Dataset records

□ □ □ □ □

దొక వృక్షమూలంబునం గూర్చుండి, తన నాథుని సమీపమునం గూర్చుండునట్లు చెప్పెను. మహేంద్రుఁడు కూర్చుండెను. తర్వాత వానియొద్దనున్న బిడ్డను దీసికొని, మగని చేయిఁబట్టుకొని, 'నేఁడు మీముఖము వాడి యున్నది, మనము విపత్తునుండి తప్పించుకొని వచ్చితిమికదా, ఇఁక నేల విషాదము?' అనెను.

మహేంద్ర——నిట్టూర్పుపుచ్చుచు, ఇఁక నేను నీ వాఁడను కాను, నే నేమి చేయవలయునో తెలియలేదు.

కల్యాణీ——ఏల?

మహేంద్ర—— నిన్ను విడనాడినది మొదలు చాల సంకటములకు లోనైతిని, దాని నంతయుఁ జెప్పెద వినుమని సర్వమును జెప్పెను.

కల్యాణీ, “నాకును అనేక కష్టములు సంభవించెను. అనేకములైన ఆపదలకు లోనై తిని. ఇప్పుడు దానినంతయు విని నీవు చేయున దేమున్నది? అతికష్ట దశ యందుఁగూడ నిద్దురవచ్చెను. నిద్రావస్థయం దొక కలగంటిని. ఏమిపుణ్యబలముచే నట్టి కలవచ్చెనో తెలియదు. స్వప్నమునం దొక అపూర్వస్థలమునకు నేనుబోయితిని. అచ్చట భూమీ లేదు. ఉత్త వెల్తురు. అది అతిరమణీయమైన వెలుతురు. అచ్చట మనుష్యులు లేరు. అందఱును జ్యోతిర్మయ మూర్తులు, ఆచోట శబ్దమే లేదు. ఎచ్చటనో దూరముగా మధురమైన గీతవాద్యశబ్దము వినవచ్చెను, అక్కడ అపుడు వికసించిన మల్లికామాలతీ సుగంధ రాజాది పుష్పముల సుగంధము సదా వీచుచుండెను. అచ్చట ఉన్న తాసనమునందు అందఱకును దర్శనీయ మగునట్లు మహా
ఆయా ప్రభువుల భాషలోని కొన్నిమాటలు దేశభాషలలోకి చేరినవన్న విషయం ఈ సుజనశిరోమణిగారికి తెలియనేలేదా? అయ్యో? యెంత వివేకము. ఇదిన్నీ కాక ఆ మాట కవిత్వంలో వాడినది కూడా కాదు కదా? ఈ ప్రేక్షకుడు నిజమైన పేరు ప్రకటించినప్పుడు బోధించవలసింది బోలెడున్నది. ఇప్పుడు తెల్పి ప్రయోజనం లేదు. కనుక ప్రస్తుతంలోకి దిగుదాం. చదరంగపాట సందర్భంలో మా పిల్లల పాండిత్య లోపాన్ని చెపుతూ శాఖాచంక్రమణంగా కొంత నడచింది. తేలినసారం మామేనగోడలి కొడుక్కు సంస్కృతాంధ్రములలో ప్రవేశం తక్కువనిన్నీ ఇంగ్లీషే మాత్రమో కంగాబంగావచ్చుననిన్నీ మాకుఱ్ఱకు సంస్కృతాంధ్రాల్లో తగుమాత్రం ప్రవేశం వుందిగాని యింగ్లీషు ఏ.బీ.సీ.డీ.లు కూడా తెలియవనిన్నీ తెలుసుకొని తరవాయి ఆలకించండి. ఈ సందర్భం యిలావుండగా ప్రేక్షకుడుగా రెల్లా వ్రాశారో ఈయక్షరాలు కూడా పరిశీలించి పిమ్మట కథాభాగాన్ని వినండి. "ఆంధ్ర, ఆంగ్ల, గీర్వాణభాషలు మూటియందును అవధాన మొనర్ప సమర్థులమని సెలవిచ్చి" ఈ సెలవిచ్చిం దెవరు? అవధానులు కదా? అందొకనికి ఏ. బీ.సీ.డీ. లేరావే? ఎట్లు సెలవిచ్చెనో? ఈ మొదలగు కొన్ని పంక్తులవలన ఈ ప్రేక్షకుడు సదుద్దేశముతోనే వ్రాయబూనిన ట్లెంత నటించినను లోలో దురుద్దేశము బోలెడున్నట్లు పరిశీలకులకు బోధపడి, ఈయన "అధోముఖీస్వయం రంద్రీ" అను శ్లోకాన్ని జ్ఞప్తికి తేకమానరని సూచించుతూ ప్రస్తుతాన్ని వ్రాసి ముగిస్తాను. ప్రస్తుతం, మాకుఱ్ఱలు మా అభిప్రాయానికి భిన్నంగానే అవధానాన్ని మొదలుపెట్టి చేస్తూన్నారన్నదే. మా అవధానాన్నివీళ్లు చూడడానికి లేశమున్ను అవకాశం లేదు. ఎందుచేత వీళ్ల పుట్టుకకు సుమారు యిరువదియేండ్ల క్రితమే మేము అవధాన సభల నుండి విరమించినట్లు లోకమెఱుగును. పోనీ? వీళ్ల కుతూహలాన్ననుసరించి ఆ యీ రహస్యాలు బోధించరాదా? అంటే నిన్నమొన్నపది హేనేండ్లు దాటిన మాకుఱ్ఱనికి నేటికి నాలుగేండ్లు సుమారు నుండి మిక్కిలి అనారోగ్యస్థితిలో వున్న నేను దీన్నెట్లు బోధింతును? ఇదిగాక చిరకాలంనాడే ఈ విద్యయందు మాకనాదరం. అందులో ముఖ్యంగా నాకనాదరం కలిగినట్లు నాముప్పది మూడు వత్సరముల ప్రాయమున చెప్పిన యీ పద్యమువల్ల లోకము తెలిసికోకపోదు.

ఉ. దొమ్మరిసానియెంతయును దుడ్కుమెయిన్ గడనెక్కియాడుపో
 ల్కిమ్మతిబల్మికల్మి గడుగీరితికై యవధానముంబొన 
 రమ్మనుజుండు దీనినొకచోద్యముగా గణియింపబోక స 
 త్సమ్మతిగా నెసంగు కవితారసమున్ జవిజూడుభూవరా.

□ □ □ □ □

§ Problem:
Of the entries above, repeat exactly the lines from the line with "మహేంద్ర——నిట్టూర్పుపుచ్చుచు, ఇఁక నేను" through the line with "దర్శనీయ మగునట్లు మహా", both of them included.

§ Solution for this problem:
మహేంద్ర——నిట్టూర్పుపుచ్చుచు, ఇఁక నేను నీ వాఁడను కాను, నే నేమి చేయవలయునో తెలియలేదు.

కల్యాణీ——ఏల?

మహేంద్ర—— నిన్ను విడనాడినది మొదలు చాల సంకటములకు లోనైతిని, దాని నంతయుఁ జెప్పెద వినుమని సర్వమును జెప్పెను.

కల్యాణీ, “నాకును అనేక కష్టములు సంభవించెను. అనేకములైన ఆపదలకు లోనై తిని. ఇప్పుడు దానినంతయు విని నీవు చేయున దేమున్నది? అతికష్ట దశ యందుఁగూడ నిద్దురవచ్చెను. నిద్రావస్థయం దొక కలగంటిని. ఏమిపుణ్యబలముచే నట్టి కలవచ్చెనో తెలియదు. స్వప్నమునం దొక అపూర్వస్థలమునకు నేనుబోయితిని. అచ్చట భూమీ లేదు. ఉత్త వెల్తురు. అది అతిరమణీయమైన వెలుతురు. అచ్చట మనుష్యులు లేరు. అందఱును జ్యోతిర్మయ మూర్తులు, ఆచోట శబ్దమే లేదు. ఎచ్చటనో దూరముగా మధురమైన గీతవాద్యశబ్దము వినవచ్చెను, అక్కడ అపుడు వికసించిన మల్లికామాలతీ సుగంధ రాజాది పుష్పముల సుగంధము సదా వీచుచుండెను. అచ్చట ఉన్న తాసనమునందు అందఱకును దర్శనీయ మగునట్లు మహా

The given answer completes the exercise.